A February 2016 photo of an empty fuel tank at the Red Hill Underground Fuel Storage Facility near Joint Base Pearl Harbor-Hickam in Hawaii. A fuel spill in November at the facility leaked into the base drinking water and made some military families ill, forcing about 700 people to leave their homes. (Mass Communication Specialist 1st Class Meranda Keller/U.S. Navy photo)

WASHINGTON — The fuel spill at a Navy-run facility in Hawaii that supplies water to Joint Base Pearl Harbor-Hickam was most likely the result of an operator error, though an ongoing investigation into the cause is expected to draw more definite conclusions, service officials told the House lawmakers Tuesday.

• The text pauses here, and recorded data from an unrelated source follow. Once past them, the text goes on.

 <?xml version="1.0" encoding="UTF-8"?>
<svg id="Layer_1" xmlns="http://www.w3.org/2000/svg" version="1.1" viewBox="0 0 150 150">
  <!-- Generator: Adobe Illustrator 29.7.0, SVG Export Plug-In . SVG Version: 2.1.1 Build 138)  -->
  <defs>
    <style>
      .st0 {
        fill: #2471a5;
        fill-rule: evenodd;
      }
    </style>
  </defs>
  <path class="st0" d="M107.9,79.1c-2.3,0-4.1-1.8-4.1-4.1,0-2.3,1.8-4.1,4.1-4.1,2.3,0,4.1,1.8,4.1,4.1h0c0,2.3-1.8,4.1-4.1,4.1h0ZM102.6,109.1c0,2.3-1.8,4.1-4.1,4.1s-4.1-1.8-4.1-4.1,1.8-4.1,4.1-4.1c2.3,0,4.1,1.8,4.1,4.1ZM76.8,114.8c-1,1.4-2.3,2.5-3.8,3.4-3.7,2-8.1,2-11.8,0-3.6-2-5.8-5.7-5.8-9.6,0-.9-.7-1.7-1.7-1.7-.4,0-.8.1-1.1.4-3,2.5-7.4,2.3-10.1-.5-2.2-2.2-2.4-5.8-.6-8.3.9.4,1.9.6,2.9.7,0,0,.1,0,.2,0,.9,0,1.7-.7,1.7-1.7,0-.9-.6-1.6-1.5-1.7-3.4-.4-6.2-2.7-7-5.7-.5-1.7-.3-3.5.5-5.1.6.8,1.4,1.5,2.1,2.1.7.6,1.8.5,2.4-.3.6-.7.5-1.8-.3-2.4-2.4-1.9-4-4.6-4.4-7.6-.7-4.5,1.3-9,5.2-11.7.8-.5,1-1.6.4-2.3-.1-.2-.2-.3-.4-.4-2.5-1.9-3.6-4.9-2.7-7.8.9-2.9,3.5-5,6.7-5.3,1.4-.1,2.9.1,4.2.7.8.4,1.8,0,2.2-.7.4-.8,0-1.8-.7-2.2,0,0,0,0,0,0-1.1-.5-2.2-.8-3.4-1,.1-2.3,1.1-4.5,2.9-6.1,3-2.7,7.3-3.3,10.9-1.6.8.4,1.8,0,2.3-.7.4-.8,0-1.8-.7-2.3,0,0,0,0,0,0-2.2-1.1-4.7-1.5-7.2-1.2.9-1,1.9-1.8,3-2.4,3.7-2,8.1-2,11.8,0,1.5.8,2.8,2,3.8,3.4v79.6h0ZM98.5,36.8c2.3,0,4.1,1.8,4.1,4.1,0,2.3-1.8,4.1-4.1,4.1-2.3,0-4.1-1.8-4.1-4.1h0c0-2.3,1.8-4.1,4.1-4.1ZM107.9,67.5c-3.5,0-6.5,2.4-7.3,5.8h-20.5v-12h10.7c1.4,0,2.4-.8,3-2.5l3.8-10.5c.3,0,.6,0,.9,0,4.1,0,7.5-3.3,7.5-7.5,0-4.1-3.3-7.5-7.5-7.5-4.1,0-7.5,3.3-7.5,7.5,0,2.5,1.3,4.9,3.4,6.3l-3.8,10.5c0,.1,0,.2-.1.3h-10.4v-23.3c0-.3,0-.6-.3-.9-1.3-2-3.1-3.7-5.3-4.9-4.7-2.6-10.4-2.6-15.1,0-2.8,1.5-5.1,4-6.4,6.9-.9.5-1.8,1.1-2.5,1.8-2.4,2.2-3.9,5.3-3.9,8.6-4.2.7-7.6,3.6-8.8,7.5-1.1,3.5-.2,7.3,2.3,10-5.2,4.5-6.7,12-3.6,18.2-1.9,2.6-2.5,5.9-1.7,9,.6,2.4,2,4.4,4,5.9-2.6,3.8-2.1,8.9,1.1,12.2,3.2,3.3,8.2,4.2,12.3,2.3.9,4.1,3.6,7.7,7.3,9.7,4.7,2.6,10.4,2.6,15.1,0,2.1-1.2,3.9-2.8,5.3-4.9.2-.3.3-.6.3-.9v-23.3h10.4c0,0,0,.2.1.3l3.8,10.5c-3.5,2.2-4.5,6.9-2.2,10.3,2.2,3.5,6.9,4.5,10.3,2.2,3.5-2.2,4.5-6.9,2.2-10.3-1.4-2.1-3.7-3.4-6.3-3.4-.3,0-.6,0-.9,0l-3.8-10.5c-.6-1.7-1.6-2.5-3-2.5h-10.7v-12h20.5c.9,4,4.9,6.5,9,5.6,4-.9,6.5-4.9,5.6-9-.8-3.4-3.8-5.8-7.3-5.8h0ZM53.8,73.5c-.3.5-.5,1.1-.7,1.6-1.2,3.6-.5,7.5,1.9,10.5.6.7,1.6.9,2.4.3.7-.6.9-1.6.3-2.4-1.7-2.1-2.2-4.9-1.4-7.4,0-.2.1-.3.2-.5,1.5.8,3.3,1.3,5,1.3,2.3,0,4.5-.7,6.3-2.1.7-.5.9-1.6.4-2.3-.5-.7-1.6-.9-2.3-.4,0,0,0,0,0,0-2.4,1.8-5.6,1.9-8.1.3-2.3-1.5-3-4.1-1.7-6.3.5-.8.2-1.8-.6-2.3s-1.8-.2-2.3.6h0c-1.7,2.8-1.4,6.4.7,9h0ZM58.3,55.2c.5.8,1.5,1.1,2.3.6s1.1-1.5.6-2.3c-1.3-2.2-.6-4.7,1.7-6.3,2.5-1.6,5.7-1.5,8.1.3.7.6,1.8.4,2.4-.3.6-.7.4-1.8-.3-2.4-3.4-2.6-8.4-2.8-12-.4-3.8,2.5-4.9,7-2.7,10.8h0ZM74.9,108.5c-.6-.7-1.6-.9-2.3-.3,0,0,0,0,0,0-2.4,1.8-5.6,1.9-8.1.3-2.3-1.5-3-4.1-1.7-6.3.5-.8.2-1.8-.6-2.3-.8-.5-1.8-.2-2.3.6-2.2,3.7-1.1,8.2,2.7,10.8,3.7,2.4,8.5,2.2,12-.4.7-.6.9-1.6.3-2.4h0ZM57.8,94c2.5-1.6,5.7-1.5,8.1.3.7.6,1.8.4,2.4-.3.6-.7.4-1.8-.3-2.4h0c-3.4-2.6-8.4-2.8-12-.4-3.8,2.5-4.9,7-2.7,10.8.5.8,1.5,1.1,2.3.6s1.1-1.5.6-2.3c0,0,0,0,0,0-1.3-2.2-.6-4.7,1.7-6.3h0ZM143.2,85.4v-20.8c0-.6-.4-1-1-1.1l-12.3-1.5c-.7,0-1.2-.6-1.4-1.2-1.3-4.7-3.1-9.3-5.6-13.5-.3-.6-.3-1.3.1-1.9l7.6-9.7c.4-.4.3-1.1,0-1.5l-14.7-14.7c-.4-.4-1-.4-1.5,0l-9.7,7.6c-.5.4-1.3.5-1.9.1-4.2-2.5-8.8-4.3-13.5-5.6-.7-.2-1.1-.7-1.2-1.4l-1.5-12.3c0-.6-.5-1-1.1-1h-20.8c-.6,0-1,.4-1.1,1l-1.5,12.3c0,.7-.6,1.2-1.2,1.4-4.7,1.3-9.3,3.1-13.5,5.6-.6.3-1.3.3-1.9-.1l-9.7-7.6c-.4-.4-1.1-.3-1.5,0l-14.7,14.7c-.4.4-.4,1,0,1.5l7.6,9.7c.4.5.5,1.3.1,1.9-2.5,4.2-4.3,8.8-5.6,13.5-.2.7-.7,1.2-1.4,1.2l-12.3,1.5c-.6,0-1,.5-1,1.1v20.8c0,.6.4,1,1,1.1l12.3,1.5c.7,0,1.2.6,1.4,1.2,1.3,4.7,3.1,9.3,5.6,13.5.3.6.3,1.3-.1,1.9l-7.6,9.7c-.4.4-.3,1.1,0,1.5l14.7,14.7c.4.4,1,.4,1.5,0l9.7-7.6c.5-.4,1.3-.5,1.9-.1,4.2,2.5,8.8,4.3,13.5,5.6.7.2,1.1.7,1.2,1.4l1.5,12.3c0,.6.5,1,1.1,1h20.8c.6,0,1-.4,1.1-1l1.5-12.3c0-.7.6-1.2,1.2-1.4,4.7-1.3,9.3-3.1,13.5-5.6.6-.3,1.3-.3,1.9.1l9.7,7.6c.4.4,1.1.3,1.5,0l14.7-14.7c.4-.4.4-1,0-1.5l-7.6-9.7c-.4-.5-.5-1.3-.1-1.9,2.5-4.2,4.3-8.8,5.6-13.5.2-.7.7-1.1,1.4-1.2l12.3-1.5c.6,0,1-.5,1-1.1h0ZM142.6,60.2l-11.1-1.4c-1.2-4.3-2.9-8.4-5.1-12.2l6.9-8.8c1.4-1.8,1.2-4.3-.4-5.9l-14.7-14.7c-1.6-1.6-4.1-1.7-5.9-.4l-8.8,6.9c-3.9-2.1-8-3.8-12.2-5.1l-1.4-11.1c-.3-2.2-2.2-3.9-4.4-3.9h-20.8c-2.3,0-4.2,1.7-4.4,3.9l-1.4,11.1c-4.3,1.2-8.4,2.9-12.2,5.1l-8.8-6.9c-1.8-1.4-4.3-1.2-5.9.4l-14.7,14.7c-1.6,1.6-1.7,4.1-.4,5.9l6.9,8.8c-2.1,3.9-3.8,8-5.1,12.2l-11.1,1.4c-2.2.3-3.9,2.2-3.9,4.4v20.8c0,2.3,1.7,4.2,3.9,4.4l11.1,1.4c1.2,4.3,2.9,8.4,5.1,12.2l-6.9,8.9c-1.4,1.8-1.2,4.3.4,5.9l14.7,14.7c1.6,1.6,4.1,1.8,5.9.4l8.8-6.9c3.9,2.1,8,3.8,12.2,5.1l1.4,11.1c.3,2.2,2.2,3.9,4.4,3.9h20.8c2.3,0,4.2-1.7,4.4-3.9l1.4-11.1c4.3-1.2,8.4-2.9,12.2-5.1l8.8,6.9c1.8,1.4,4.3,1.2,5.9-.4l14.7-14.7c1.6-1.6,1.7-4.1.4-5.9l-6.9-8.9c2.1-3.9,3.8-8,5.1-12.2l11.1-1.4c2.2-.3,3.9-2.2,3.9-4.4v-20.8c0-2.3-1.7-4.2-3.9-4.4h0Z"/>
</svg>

The spill on Nov. 20 at the Red Hill underground fuel storage facility leaked jet fuel into the base drinking water, sickening some military families and forcing about 700 people to leave their homes. The incident has cost the Navy more than $250 million so far, said Rear Adm. John K. Korka, who is in charge of the Navy’s engineering systems command.

“The Navy has a comprehensive and transparent recovery plan and we are executing our mission,” Korka told members of a House Armed Services Committee subpanel during a hearing dedicated to the incident. “I pledge my commitment to continue to work alongside other service counterparts and our regulatory partners to deliver safe drinking water, return our families to their homes [and] remediate the Red Hill well.”

Rear Adm. Blake Converse, the deputy commander of the Pacific Fleet, said the investigation will consider the spill’s possible connection to a May 6 spill that was also concluded to have been caused by operator error.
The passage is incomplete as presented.